» **PROBLEM STATEMENT**
When a line in the data below includes "brown", pick it out and copy it.

----

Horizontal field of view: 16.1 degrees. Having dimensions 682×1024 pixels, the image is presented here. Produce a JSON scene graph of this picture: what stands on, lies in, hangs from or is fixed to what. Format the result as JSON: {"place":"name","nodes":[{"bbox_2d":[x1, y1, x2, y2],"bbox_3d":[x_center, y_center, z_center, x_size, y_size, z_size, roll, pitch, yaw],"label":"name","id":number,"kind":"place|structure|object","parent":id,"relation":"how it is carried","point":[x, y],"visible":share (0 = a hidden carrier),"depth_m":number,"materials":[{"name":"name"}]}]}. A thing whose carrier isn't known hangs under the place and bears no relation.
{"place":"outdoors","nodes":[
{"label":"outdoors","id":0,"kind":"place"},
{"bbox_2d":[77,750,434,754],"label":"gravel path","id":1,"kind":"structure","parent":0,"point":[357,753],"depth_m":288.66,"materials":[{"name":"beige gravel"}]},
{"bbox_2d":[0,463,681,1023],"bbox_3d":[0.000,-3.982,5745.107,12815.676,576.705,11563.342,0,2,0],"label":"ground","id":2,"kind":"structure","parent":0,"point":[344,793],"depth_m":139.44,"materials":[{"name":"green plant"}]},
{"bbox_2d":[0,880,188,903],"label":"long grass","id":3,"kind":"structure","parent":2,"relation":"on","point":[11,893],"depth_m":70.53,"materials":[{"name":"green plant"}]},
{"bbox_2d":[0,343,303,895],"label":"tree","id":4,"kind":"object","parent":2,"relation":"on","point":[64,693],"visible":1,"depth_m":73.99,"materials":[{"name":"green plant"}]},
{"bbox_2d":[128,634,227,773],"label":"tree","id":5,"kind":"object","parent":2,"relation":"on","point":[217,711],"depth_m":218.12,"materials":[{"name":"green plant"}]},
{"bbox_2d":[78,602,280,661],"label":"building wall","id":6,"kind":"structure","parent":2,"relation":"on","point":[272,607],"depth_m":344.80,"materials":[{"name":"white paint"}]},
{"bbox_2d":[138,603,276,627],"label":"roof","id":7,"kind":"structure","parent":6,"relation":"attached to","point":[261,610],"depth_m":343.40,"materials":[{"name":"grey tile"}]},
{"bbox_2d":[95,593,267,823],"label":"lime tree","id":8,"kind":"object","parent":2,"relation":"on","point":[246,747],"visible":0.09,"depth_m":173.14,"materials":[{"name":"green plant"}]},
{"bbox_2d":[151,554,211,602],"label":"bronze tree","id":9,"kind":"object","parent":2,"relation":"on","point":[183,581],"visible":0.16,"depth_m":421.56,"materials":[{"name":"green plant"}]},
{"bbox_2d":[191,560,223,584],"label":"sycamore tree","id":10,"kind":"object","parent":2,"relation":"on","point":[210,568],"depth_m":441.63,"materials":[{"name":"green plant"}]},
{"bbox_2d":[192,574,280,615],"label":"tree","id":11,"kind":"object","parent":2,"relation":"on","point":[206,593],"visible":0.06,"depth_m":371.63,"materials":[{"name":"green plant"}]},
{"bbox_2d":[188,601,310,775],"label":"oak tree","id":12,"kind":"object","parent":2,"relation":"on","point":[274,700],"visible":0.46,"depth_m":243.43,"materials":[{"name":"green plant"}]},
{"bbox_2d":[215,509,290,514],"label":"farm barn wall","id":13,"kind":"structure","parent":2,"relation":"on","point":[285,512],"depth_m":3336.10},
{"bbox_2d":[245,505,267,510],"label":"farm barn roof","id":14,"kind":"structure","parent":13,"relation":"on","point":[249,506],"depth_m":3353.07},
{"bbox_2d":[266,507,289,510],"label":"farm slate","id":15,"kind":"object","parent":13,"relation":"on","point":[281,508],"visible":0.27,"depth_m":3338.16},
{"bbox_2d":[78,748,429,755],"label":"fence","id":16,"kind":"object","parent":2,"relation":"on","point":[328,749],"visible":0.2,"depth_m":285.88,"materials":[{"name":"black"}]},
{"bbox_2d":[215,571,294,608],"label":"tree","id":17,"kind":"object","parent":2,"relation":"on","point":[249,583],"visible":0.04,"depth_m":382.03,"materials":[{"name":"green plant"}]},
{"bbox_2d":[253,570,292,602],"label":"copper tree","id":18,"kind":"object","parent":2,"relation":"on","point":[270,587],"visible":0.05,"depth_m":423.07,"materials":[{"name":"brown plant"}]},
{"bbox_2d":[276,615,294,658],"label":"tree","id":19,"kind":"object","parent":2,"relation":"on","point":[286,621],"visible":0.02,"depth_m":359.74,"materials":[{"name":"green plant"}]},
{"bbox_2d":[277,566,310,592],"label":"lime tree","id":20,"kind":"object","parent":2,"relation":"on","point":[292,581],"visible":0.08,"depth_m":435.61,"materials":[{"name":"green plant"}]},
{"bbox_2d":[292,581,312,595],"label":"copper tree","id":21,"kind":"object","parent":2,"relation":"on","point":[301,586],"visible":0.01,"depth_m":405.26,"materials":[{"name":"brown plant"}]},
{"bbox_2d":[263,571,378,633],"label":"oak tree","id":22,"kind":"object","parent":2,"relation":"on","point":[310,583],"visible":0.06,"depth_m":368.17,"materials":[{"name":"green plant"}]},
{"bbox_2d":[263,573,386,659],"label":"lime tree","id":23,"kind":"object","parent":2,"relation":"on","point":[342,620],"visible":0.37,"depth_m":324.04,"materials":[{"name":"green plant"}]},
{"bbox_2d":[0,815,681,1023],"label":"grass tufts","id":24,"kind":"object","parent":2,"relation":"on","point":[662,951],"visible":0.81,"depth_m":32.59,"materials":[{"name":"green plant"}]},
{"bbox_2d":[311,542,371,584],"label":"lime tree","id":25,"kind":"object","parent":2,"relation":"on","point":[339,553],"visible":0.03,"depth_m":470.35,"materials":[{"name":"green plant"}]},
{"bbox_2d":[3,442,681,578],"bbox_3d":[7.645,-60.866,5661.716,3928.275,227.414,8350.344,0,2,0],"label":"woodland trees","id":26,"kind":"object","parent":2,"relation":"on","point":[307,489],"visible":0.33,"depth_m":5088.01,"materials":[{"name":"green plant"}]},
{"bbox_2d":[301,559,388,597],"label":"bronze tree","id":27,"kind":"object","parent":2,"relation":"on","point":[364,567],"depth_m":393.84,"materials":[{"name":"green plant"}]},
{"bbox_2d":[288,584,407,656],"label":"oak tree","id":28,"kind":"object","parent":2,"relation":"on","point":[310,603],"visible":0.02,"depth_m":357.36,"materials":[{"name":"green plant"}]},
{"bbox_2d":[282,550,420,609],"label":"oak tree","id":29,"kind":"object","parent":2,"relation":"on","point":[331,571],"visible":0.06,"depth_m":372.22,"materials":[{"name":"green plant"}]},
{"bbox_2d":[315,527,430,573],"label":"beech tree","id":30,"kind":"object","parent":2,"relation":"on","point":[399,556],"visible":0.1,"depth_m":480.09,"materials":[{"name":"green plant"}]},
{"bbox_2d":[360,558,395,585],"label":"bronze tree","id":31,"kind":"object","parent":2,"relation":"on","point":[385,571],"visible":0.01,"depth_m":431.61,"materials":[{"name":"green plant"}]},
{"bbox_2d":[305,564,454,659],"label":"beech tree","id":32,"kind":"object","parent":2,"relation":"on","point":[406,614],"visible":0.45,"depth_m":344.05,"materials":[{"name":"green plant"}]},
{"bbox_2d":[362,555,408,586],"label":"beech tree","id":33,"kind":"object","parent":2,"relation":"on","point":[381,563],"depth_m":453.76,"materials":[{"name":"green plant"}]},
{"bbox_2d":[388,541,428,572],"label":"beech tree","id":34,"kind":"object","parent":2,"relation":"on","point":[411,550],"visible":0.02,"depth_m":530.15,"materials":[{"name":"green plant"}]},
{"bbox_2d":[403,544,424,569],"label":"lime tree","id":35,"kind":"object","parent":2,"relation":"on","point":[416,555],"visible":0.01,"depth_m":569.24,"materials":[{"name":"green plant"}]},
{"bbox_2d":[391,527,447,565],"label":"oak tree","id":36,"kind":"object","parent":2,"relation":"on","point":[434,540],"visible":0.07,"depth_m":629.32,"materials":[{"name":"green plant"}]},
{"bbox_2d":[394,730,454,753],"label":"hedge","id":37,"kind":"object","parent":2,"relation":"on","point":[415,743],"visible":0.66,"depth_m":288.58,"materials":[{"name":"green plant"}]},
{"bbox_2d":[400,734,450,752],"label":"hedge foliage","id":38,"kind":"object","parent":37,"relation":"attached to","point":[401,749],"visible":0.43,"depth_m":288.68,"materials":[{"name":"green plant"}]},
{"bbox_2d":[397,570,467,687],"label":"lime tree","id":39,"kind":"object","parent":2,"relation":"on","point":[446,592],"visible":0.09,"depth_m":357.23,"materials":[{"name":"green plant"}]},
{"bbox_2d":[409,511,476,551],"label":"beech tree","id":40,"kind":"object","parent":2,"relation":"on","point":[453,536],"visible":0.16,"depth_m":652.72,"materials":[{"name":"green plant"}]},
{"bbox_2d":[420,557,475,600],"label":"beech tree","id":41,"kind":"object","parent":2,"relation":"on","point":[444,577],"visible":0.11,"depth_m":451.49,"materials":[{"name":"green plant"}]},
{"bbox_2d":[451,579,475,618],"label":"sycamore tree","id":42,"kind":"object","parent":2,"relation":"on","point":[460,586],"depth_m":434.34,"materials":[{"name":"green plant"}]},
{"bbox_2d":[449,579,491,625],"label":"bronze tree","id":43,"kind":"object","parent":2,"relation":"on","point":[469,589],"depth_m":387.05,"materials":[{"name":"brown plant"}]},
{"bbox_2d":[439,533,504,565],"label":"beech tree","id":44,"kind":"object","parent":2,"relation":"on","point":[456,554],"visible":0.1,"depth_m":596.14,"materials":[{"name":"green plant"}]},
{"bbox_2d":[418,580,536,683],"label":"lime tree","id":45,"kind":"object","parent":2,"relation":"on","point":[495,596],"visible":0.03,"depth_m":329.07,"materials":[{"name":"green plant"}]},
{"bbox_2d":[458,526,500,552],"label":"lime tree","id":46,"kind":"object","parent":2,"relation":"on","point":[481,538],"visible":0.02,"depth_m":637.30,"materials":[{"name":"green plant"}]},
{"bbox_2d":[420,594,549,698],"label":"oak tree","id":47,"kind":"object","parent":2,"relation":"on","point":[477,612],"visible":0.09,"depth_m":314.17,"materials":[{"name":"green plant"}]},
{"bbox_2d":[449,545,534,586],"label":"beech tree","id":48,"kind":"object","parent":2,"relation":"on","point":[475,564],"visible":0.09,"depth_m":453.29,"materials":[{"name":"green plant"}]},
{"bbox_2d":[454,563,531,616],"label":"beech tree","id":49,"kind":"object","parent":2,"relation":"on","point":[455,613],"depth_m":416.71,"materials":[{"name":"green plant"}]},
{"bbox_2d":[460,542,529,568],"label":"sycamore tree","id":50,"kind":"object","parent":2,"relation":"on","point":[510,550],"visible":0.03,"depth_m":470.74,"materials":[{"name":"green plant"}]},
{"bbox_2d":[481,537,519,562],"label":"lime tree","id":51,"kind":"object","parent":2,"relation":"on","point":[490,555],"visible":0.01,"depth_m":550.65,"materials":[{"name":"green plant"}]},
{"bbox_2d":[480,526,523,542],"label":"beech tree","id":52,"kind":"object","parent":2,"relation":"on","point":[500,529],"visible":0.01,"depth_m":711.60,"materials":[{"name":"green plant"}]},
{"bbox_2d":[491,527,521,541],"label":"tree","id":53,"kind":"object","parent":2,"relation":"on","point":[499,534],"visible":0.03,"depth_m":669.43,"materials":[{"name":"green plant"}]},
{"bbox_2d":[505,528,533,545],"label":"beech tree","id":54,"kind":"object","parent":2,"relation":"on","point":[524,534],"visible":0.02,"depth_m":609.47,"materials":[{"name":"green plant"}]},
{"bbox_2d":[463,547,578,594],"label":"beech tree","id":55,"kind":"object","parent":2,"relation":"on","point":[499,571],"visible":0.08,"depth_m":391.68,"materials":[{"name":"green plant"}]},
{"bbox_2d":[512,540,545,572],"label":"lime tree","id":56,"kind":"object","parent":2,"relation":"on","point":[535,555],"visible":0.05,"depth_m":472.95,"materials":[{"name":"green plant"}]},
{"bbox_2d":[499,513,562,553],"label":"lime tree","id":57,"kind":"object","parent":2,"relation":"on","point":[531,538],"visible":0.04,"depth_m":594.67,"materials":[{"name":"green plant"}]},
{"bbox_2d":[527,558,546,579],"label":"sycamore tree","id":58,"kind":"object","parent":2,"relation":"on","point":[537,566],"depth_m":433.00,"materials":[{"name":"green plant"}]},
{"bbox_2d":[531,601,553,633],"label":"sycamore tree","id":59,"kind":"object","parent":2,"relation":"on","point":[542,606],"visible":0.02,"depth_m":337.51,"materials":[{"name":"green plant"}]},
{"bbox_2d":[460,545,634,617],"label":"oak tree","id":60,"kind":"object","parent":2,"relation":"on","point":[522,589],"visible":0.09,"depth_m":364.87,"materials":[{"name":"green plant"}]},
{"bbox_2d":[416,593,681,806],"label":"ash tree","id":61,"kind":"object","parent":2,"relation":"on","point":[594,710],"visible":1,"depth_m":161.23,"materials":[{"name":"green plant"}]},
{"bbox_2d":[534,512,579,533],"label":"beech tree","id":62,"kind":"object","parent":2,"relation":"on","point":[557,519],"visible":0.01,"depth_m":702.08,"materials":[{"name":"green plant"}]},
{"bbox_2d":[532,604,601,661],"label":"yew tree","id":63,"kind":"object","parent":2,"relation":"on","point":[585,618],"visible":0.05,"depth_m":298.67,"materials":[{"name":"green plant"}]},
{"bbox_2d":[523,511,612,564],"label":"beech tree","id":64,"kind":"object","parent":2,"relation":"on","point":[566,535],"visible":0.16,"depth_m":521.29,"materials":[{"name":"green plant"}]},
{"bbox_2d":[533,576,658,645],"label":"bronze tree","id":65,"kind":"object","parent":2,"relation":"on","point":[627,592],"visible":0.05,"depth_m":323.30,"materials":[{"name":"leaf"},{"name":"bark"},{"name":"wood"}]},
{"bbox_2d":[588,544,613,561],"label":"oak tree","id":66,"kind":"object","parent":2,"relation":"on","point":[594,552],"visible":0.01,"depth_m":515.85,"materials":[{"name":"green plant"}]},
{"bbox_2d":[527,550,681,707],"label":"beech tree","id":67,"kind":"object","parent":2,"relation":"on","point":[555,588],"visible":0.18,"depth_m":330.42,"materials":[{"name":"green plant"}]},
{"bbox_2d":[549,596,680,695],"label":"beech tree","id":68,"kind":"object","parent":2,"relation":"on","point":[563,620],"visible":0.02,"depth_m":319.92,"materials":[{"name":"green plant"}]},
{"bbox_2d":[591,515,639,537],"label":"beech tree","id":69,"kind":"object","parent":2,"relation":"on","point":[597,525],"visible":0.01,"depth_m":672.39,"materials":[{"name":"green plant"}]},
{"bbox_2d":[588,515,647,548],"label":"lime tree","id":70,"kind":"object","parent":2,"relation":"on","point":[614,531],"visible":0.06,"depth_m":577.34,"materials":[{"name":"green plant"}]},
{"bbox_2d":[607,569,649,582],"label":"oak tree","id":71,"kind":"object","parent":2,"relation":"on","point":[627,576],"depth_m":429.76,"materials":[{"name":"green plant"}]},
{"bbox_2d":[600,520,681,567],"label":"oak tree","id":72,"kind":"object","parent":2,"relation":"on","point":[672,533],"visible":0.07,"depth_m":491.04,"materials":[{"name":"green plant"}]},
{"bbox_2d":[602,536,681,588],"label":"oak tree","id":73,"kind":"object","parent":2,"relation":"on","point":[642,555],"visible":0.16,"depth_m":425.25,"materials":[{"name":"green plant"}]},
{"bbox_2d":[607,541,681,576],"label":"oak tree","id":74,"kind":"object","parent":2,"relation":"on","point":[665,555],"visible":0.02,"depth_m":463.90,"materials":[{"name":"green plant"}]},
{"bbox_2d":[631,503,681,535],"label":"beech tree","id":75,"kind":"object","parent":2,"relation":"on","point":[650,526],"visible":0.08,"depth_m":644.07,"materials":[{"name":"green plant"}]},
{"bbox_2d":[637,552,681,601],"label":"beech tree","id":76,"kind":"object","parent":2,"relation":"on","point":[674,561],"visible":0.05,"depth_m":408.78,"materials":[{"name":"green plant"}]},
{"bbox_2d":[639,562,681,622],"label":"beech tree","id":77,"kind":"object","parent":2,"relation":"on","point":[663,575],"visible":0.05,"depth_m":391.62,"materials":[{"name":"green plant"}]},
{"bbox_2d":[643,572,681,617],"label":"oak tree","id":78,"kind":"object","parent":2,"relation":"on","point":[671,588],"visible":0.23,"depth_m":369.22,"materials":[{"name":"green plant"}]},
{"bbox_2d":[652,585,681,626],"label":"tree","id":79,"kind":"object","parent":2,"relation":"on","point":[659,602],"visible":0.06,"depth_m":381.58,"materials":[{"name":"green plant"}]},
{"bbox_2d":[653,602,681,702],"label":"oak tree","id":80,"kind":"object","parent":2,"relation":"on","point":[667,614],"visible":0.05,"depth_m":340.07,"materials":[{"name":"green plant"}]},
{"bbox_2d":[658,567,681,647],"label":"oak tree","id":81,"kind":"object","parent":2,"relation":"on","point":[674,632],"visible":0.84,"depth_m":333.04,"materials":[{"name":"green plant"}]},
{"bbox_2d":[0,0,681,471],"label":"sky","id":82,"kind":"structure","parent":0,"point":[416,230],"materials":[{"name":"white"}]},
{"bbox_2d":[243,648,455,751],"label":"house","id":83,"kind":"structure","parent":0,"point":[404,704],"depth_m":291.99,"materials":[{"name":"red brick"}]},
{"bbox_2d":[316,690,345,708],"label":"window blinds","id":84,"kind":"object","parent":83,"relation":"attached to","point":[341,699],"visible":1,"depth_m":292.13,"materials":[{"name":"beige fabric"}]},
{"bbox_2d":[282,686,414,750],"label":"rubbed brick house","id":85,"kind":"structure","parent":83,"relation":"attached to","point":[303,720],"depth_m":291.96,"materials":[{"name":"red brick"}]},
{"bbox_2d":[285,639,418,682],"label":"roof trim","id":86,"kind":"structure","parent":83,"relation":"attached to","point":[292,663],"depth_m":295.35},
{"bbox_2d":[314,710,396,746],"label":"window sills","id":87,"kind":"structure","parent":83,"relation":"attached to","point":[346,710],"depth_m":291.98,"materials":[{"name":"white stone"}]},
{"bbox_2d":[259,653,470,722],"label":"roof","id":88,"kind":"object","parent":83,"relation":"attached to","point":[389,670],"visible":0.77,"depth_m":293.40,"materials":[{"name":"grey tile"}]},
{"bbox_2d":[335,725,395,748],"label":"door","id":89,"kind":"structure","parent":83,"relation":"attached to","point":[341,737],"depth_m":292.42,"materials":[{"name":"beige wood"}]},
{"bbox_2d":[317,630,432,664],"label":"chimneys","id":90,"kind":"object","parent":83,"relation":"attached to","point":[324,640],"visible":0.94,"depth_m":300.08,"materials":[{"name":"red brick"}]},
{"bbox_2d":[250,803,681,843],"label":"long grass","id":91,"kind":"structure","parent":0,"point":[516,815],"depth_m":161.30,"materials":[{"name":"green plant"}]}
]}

----

» **EXERCISE SOLUTION**
{"bbox_2d":[253,570,292,602],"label":"copper tree","id":18,"kind":"object","parent":2,"relation":"on","point":[270,587],"visible":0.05,"depth_m":423.07,"materials":[{"name":"brown plant"}]},
{"bbox_2d":[292,581,312,595],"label":"copper tree","id":21,"kind":"object","parent":2,"relation":"on","point":[301,586],"visible":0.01,"depth_m":405.26,"materials":[{"name":"brown plant"}]},
{"bbox_2d":[449,579,491,625],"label":"bronze tree","id":43,"kind":"object","parent":2,"relation":"on","point":[469,589],"depth_m":387.05,"materials":[{"name":"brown plant"}]},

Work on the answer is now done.